(Data in this exercise)
---+---

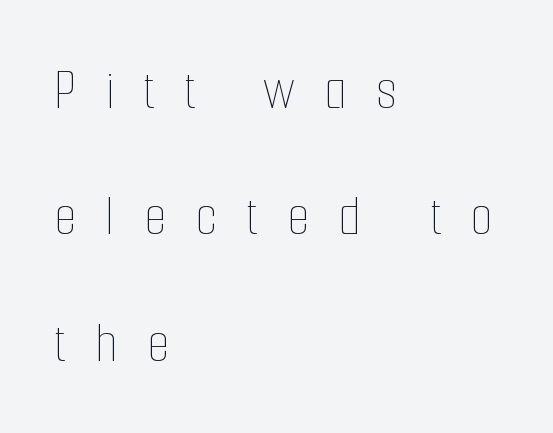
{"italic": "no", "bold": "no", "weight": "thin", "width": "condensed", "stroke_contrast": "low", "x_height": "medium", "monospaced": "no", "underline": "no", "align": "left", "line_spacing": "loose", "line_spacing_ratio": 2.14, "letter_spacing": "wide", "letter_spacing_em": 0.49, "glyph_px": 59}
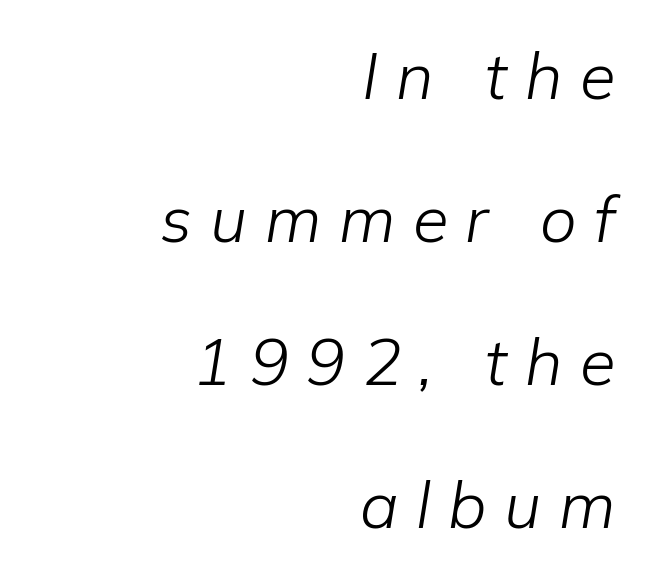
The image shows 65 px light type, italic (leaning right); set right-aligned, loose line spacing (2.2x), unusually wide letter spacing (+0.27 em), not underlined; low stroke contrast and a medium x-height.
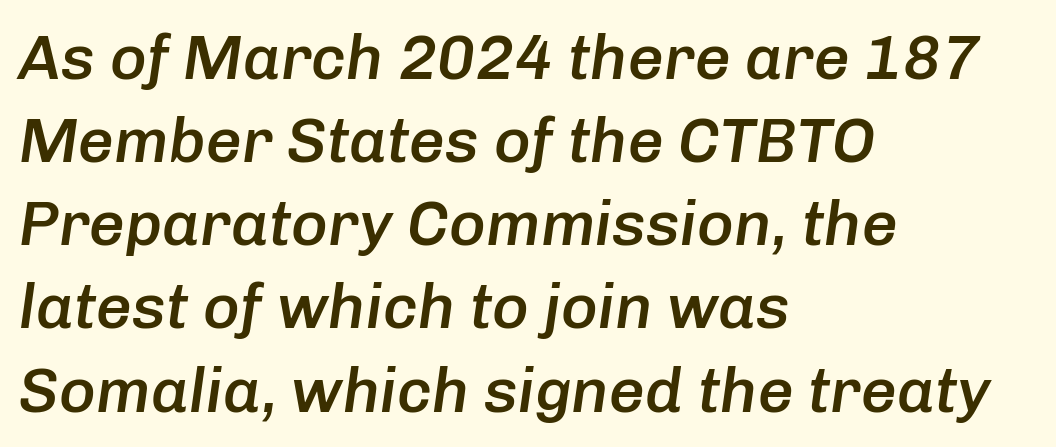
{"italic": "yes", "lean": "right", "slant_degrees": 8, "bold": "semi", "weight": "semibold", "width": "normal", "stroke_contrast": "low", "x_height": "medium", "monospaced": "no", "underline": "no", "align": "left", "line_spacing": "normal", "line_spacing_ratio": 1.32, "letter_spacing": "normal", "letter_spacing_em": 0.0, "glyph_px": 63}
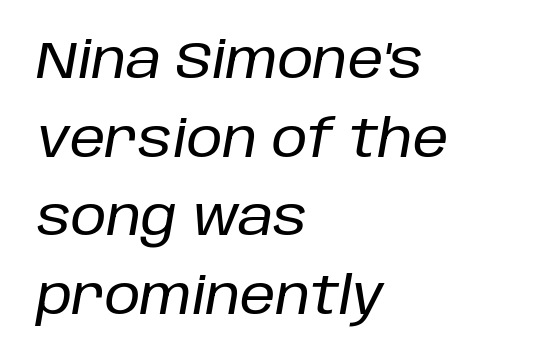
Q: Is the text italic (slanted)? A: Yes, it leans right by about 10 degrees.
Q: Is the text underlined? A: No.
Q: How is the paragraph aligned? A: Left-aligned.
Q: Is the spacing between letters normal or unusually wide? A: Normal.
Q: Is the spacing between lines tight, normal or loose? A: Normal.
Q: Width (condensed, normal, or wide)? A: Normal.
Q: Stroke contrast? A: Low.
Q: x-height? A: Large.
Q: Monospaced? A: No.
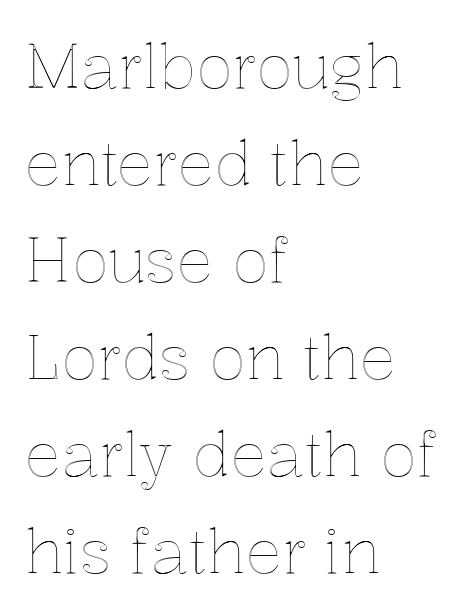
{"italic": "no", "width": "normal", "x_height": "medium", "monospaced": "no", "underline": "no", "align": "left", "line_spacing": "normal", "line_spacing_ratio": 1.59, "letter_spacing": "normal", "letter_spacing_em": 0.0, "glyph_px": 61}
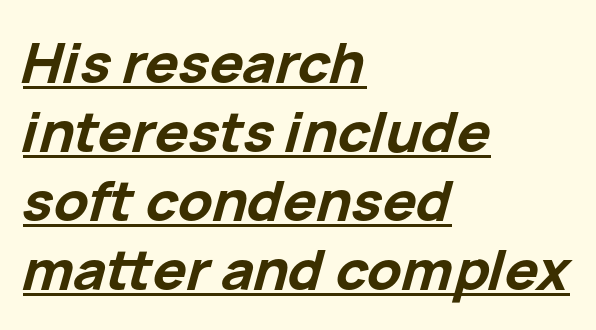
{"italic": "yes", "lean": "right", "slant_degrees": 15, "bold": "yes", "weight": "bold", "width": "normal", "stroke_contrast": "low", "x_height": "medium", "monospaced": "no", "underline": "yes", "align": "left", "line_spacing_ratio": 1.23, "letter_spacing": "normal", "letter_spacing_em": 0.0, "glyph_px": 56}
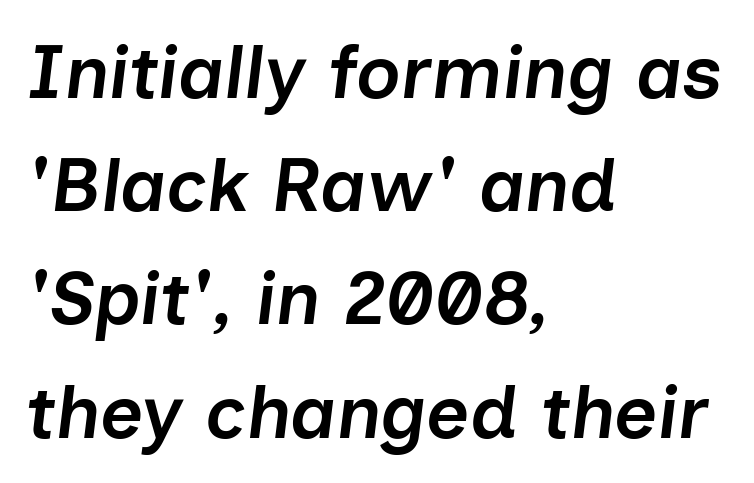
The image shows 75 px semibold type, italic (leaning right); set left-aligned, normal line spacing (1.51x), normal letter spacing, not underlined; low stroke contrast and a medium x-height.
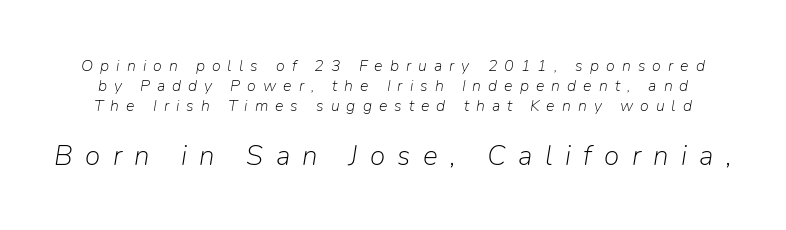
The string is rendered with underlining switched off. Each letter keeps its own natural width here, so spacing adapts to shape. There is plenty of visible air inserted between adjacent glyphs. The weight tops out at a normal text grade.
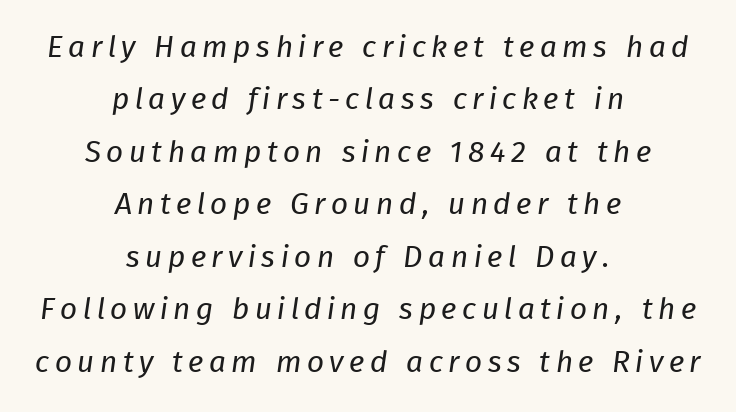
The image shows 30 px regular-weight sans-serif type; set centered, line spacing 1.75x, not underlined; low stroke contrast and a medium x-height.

---+---

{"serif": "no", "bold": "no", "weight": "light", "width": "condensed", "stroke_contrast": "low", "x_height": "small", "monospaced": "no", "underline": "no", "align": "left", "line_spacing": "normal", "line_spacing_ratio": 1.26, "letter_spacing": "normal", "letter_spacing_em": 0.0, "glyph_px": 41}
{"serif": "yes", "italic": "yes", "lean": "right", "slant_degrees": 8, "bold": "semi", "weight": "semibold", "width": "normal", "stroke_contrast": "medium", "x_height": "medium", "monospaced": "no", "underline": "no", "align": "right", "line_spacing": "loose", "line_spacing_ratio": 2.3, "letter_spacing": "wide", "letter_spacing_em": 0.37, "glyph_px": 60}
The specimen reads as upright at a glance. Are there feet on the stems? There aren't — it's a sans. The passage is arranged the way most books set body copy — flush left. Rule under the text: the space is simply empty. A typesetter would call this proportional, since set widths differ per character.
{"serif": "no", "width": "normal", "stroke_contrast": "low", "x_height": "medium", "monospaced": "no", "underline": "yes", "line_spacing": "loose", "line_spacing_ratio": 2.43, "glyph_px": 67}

---+---

(Description of the task)
Give every line of the material that includes the string "wide".

(Solution to this task)
{"italic": "no", "bold": "no", "weight": "thin", "width": "condensed", "stroke_contrast": "low", "x_height": "medium", "monospaced": "no", "underline": "no", "align": "left", "line_spacing": "loose", "line_spacing_ratio": 2.14, "letter_spacing": "wide", "letter_spacing_em": 0.49, "glyph_px": 59}
The image shows 65 px light type, italic (leaning right); set right-aligned, loose line spacing (2.2x), unusually wide letter spacing (+0.27 em), not underlined; low stroke contrast and a medium x-height.
Q: Is the spacing between letters normal or unusually wide? A: Normal.
Q: Width (condensed, normal, or wide)? A: Normal.
{"serif": "yes", "italic": "yes", "lean": "right", "slant_degrees": 8, "bold": "semi", "weight": "semibold", "width": "normal", "stroke_contrast": "medium", "x_height": "medium", "monospaced": "no", "underline": "no", "align": "right", "line_spacing": "loose", "line_spacing_ratio": 2.3, "letter_spacing": "wide", "letter_spacing_em": 0.37, "glyph_px": 60}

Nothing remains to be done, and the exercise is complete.